> Task description
Look in the data below for the line that has "Magnetic field strength: 1.5 T", then print exactly every line from there through the line that has "An aerial image. It shows: View", leaving pictures out.

------------------------

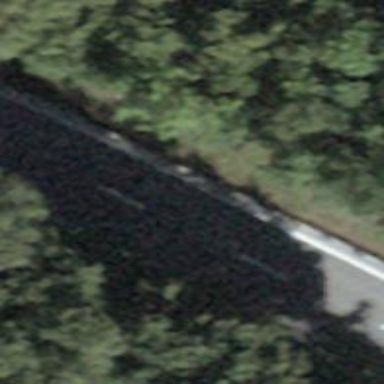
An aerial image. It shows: Asphalt road classified as tertiary.
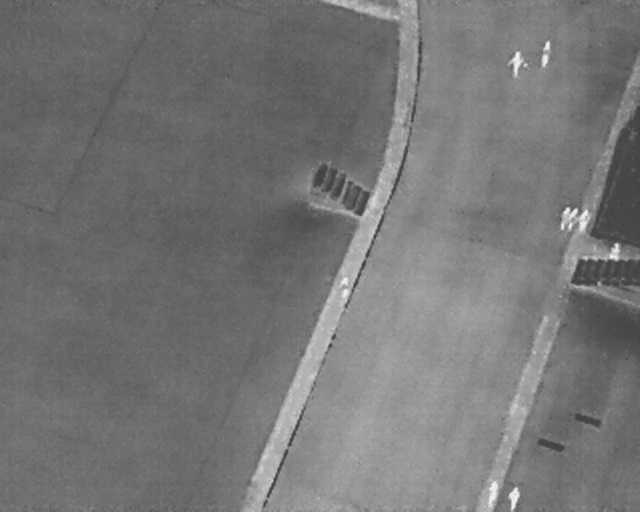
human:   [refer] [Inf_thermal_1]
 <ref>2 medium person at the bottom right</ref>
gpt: <box>[[74, 95, 79, 97, 9], [78, 95, 82, 98, 7]]</box>

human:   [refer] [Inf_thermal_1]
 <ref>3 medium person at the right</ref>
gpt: <box>[[94, 48, 97, 50, 2], [86, 41, 90, 43, 11], [87, 42, 91, 43, 8]]</box>
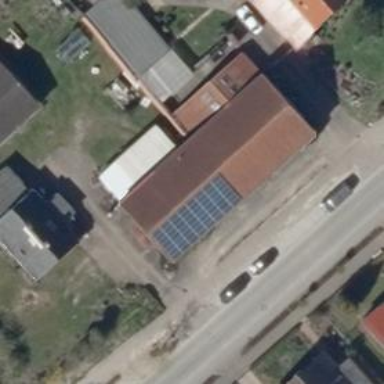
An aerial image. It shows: Solar photovoltaic panel generating electricity through small installation.
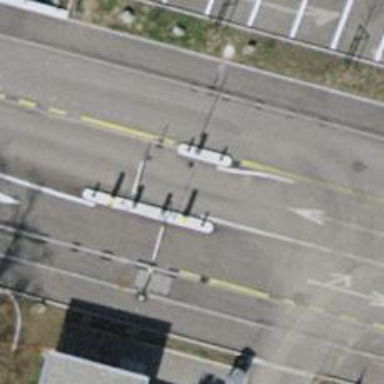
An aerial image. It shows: Lift gate barrier.
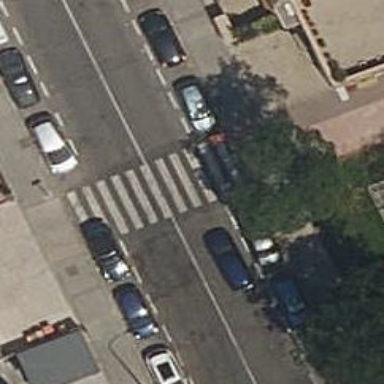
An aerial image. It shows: Sidewalk.
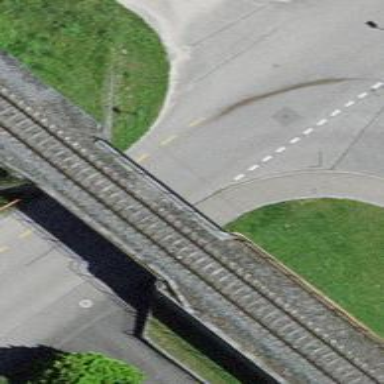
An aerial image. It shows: Bridge over electrified railway with contact line.
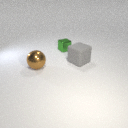
large gray rubber cube behind large brown metal sphere
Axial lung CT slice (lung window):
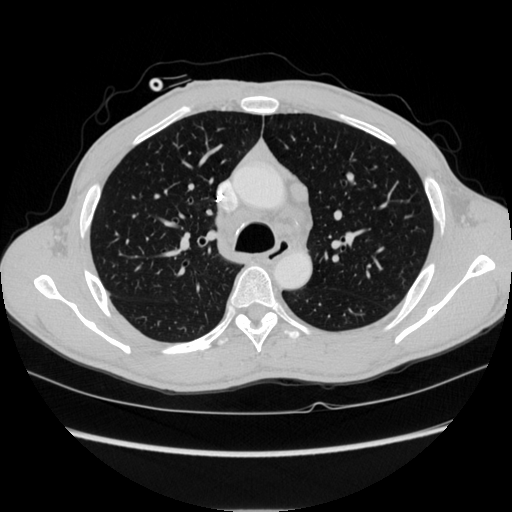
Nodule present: no
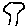
Label: tree
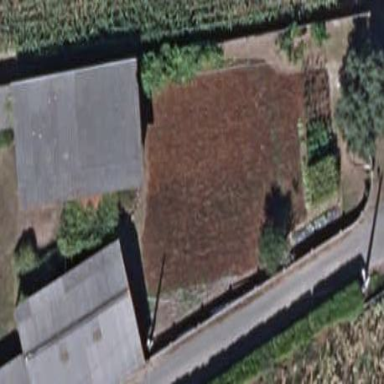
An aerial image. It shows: Shed building.
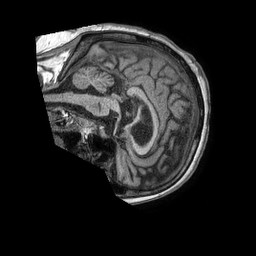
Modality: T1w
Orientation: sagittal
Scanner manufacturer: philips
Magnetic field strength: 1.5 T
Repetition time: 0.007584 s
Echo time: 0.003479 s
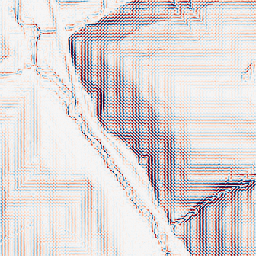
Category: wavelet
Decomposition family: wavelet_biorthogonal
Decomposition parameters: wavelet: bior1.3
level: 2
Upsampling method: nearest
Upsampling parameters: scale: 2
Upsampling scale: 2
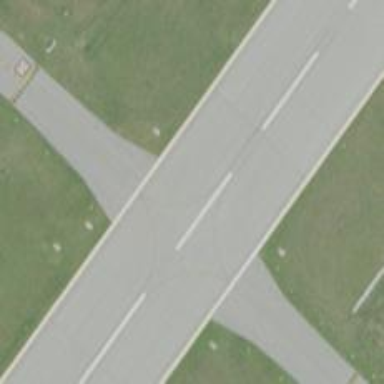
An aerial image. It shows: View of taxiway at the airport.
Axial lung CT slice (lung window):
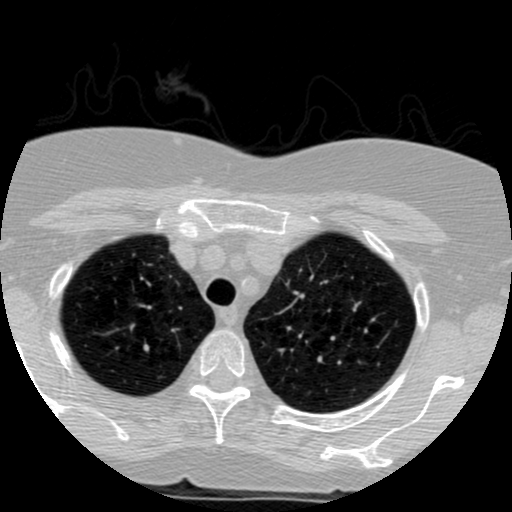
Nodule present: no
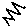
Label: zigzag
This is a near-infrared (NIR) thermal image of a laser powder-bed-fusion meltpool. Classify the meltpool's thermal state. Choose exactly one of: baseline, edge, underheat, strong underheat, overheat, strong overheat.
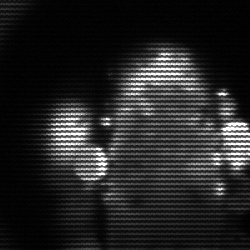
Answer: strong underheat
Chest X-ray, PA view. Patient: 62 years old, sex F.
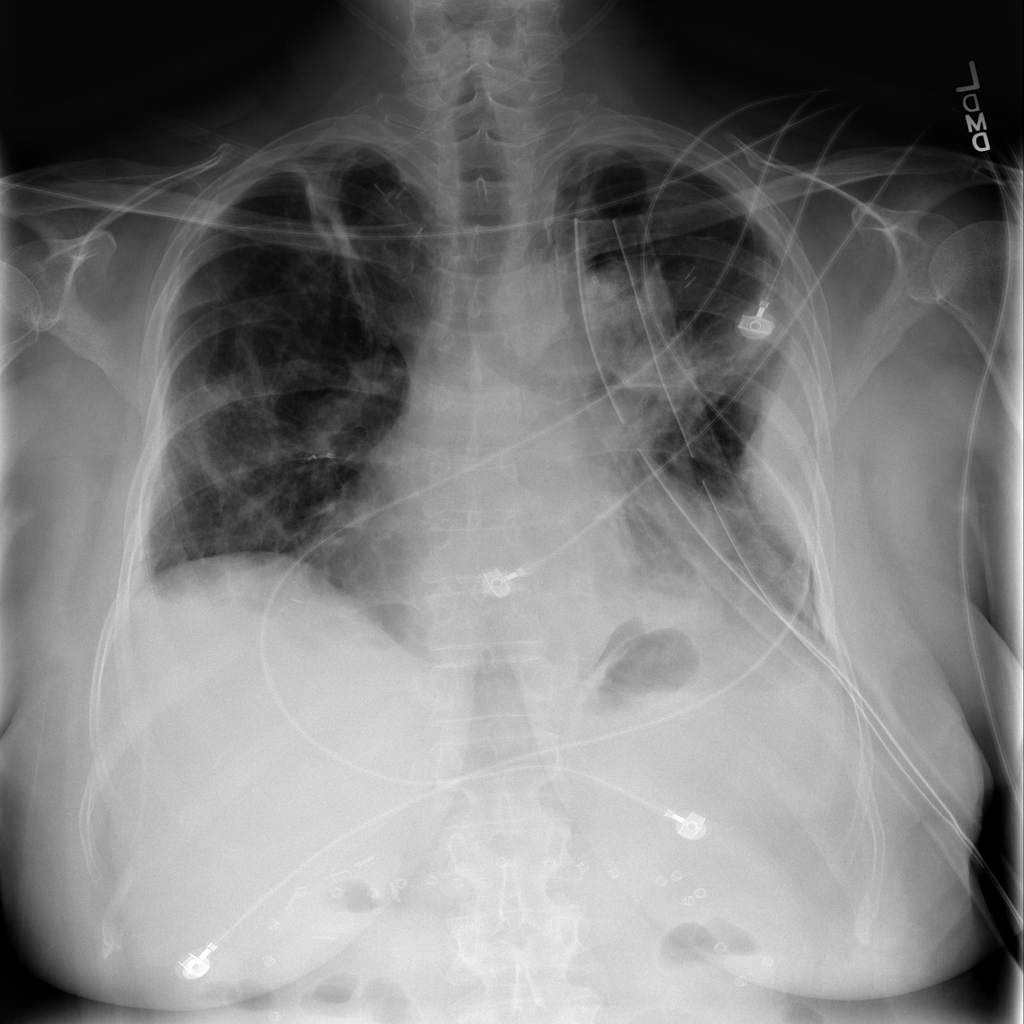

------------------------

> Written reply
Magnetic field strength: 1.5 T
Repetition time: 0.007584 s
Echo time: 0.003479 s
Category: wavelet
Decomposition family: wavelet_biorthogonal
Decomposition parameters: wavelet: bior1.3
level: 2
Upsampling method: nearest
Upsampling parameters: scale: 2
Upsampling scale: 2
An aerial image. It shows: View of taxiway at the airport.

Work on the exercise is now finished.